Mosaicism caused by postzygotic mutational events is a well-known mechanism of skin disorders,3 cancer,4 neurodevelopment disorders with or without central nervous system (CNS) malformations,5 and for numerous partial and generalized overgrowth disorders,6,7,8 among others. Mosaicism has been widely underestimated and all individuals are complex mosaics with multiple genotypes acquired from embryonic development to adulthood, which can have overt phenotypic consequences or may predispose to specific diseases.9,10,11 In addition, recent work has shown that the detection of somatic structural variants in blood cells increases with age and may be related to a reduction in blood cell clonality.12,13,14 The most common somatic pathogenic change in humans, associated with smoking and aging, is mosaic loss of the Y chromosome in men, which is a biological factor that contributes to several age-related disorders and overall male mortality apparently through extreme deregulation of some key chromosome Y genes.15,16,17 Mosaicism must be distinguished from chimerism, which designates an individual comprised of multiple genotypically distinct cell lineages derived from two or more fertilized zygotes,18 which typically have divergent genotypes throughout the genome.

The first descriptions of human mosaics were published about 60 years ago in patients with sex chromosomal aneuploidies, including mosaic Turner and mosaic Klinefelter syndromes19,20,21,22 (for historical notes see Supplementary material). Since then, multiple reviews have been published,9,18,23,24,25,26 and many authors, including some of us, have proposed mosaicism classifications, focusing on the pattern of affected regions of the body and the type of underlying mechanism.25 As well, there have been many attempts to classify genetic mosaicism of the skin.25,27 Happle3,28 emphasized the overlapping nature of proposed categories. Biesecker and Spinner18 also contributed to the clarification of many aspects of mosaicism, reinforcing the notion of “gonosomal” mosaicism (now gonadosomatic, see below), and reviewing genetic and genomic etiologies and techniques to interrogate each of these mechanisms. Happle25 recently reviewed cutaneous mosaicism and proposed a morphological classification scheme distinguishing among the types of genomic and epigenetic mosaicism and discriminating nonsegmental from segmental manifestations of skin mosaicism. While each of these efforts have merit, after reviewing these classifications and categories, we concluded that aspects associated with mosaicism have not been sufficiently addressed and a classification that integrates all the attributes involved in this phenomenon is lacking and necessary.

Here we propose a new systematic categorization of mosaicisms, applicable to all types of tissues, including consideration not only of the affected tissue, and the pattern and distribution of the mosaicism, but also the cause, direction of the change, and the mutational mechanism.

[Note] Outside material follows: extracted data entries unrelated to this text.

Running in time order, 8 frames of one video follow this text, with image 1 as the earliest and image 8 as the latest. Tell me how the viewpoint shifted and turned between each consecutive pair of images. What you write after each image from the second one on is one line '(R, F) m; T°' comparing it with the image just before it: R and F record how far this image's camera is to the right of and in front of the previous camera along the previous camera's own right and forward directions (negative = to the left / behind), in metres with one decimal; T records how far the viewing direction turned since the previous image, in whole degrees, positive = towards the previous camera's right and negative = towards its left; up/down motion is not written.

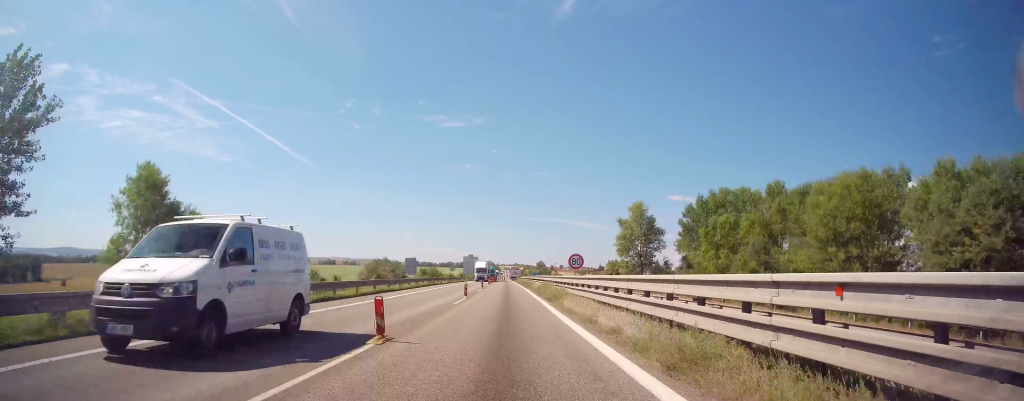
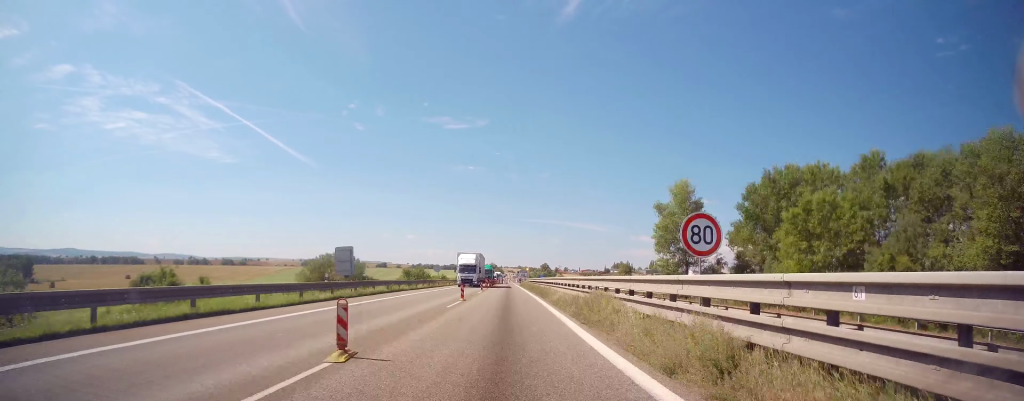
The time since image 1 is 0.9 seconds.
(+0.3, +19.8) m; +1°
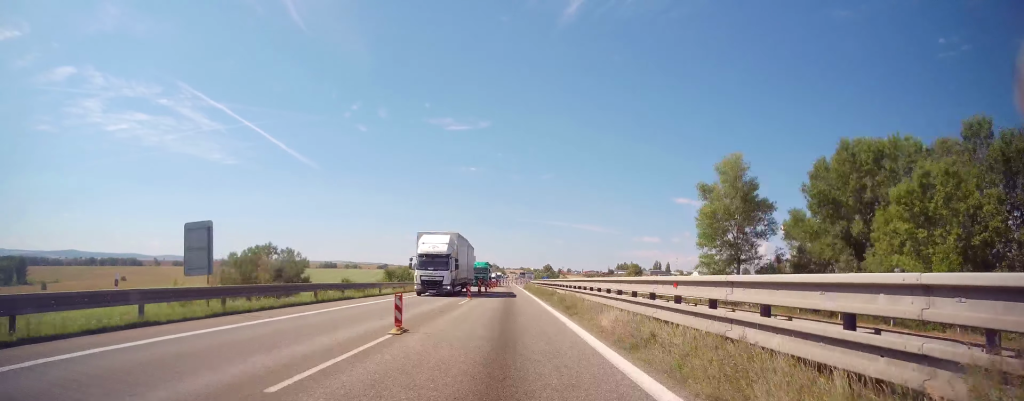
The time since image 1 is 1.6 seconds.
(+0.1, +14.4) m; 0°
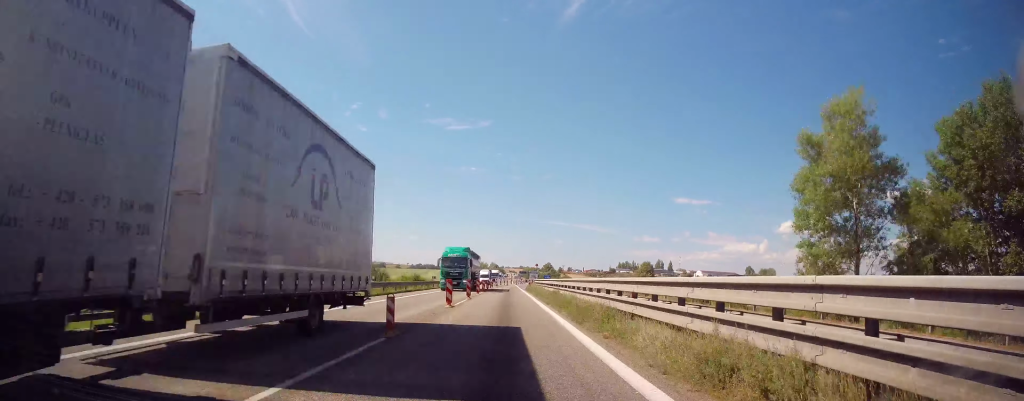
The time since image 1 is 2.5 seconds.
(0.0, +18.6) m; 0°
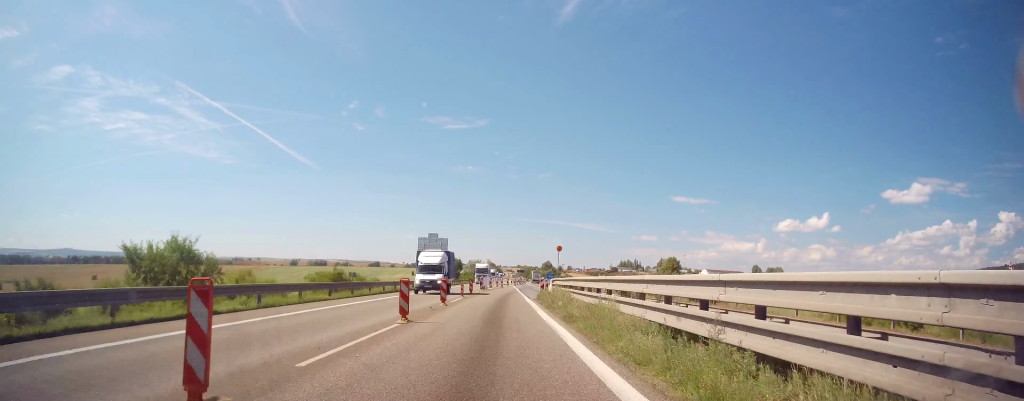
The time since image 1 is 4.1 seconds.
(-0.4, +33.8) m; -1°
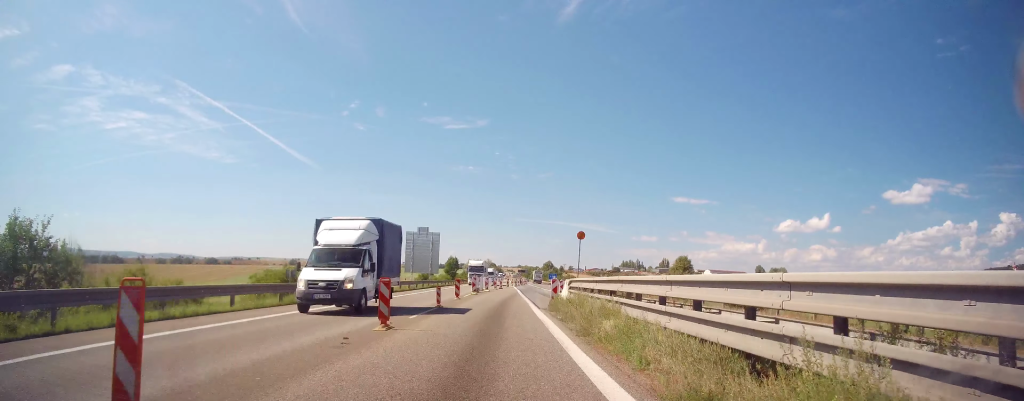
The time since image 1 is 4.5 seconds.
(0.0, +9.2) m; 0°
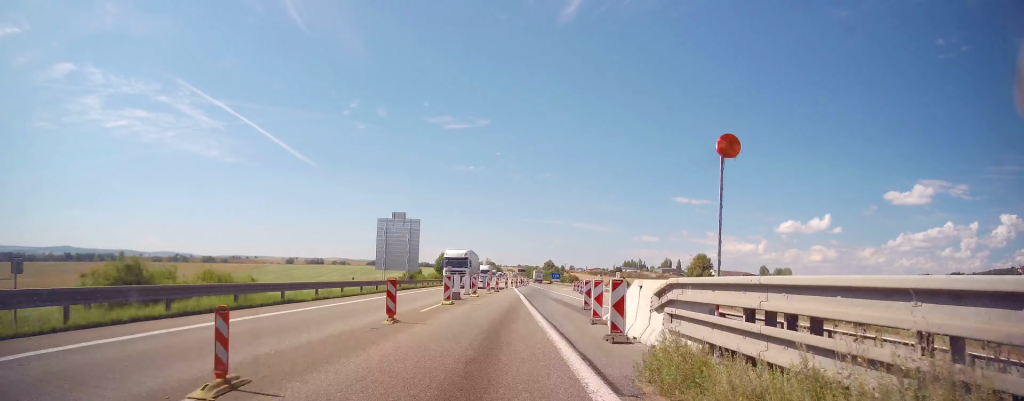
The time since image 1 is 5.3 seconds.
(-0.1, +15.9) m; +1°
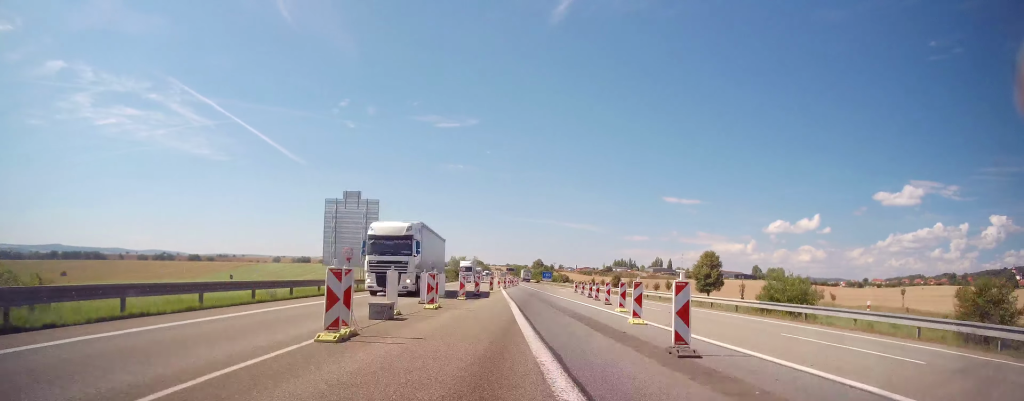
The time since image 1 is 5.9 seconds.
(+0.3, +13.3) m; +2°
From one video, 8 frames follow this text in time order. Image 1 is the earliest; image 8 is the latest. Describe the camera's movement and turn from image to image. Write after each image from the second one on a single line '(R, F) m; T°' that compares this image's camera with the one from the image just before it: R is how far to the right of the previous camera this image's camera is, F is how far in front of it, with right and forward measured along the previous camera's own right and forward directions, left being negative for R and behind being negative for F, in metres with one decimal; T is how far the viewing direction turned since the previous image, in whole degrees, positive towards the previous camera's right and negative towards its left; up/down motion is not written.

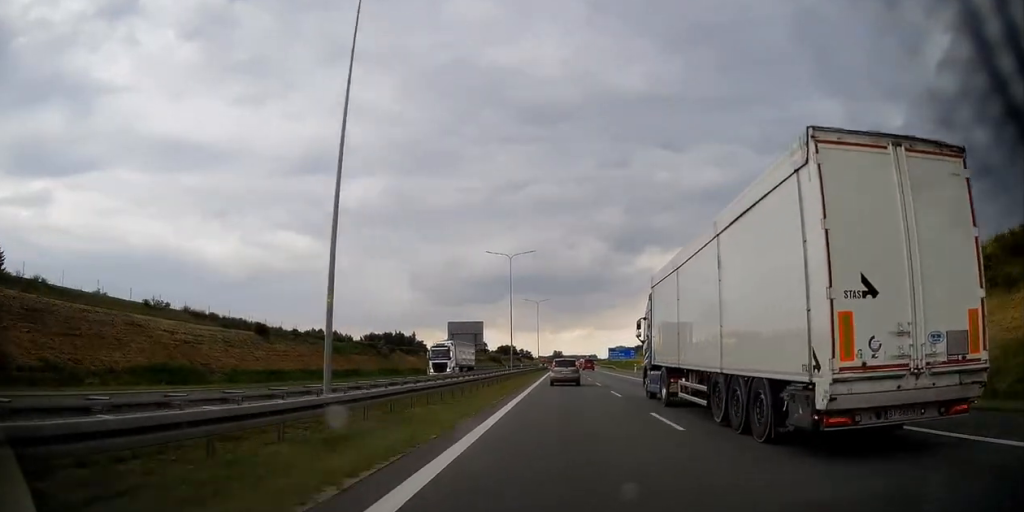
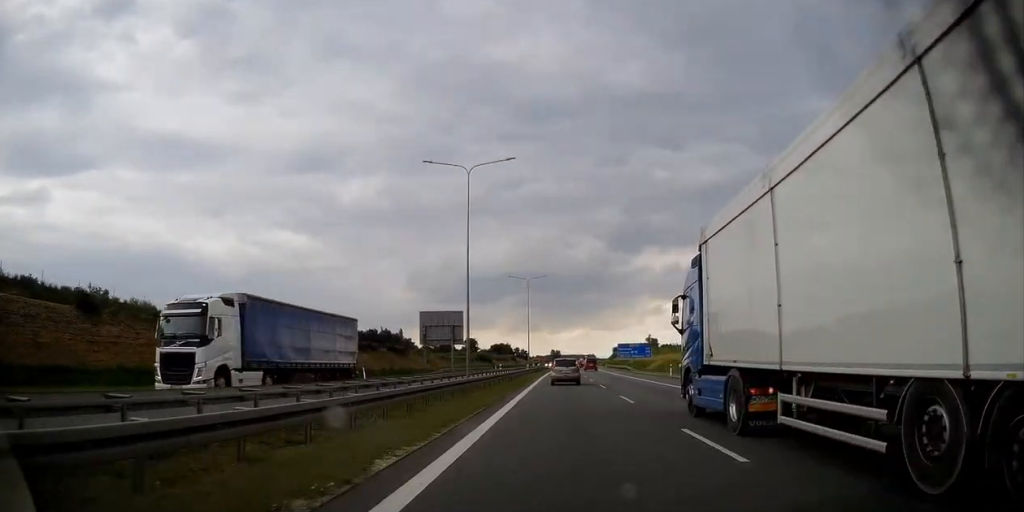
(-0.2, +27.7) m; 0°
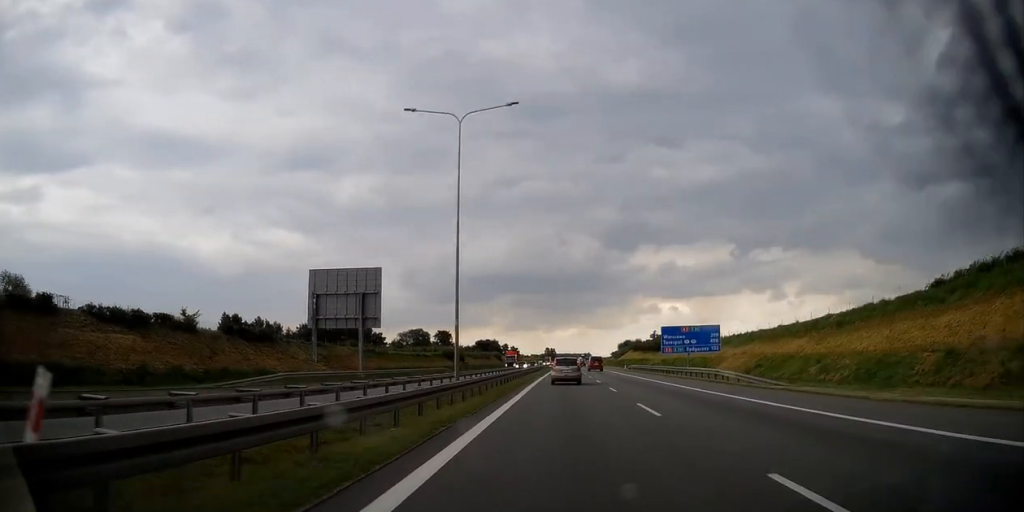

We have designated these attributes “A to F” as a memory aid. We propose that an individual with mosaicism can be classified using these six attributes and that this will lead to clinically useful categorizations.

A SIX-ATTRIBUTE CLASSIFICATION: THE A TO F EVALUTION

This novel classification of mosaicism is based on six attributes, listed in Table 1, Fig. 1, and in Figs. S1–S6. The six attributes are designated with the letters A to F, as a memory aid, and the subclassifications thereof are numbered. When information on a specific attribute is missing or unknown, we assign the subclassification attribute a 0 (zero).

Table 1 Proposed list of attributes for evaluation of individuals with mosaicism: the “A to F” evaluation of mosaicism.
Fig. 1: Summary of the six-attribute classification of genetic mosaicism.
figure 1

(a) Affected tissues. A1: somatic mosaicism. A2: Germinal (gonadal) mosaicism. A3: Gonadosomatic mosaicism. A4: Confined placental mosaicism. (b) Body patterns. B1–B3 are nonsegmented mosaicism. B1: single point mosaicism. B2: disseminated mosaicism. B3: Patchy mosaicism without midline separation. B4–B8 are segmental mosaicism. B4: Blaschko lines in narrow bands. B5: Blaschko lines in broad bands. B6: Checkerboard. B7: Phylloid. B8: Lateralization/half body. (c) Change in direction. C1: From benign (wild type) to pathogenic. C2: From pathogenic to benign (wild type): revertant mosaicism. C3: Didymosis. (d) Developmental mechanism. D1: Type 1 segmental, heterozygous state. D2: Type 2 segmental reflecting loss of the corresponding wild-type allele. D3: functional X-chromosome mosaicism with or without lethality for males. D4: Disorders due to autosomal lethal mutations that manifest only as mosaics. (e) Etiology. E1: genomic changes. E2: genetic changes. E3: epigenetic changes. E4: positional effects. (f) Fraction of the affected tissue. F1: Mild involvement. F2: Moderate involvement. F3: Severe involvement. F4: Very severe (extreme) involvement (See also text and Supplementary. Fig. 16).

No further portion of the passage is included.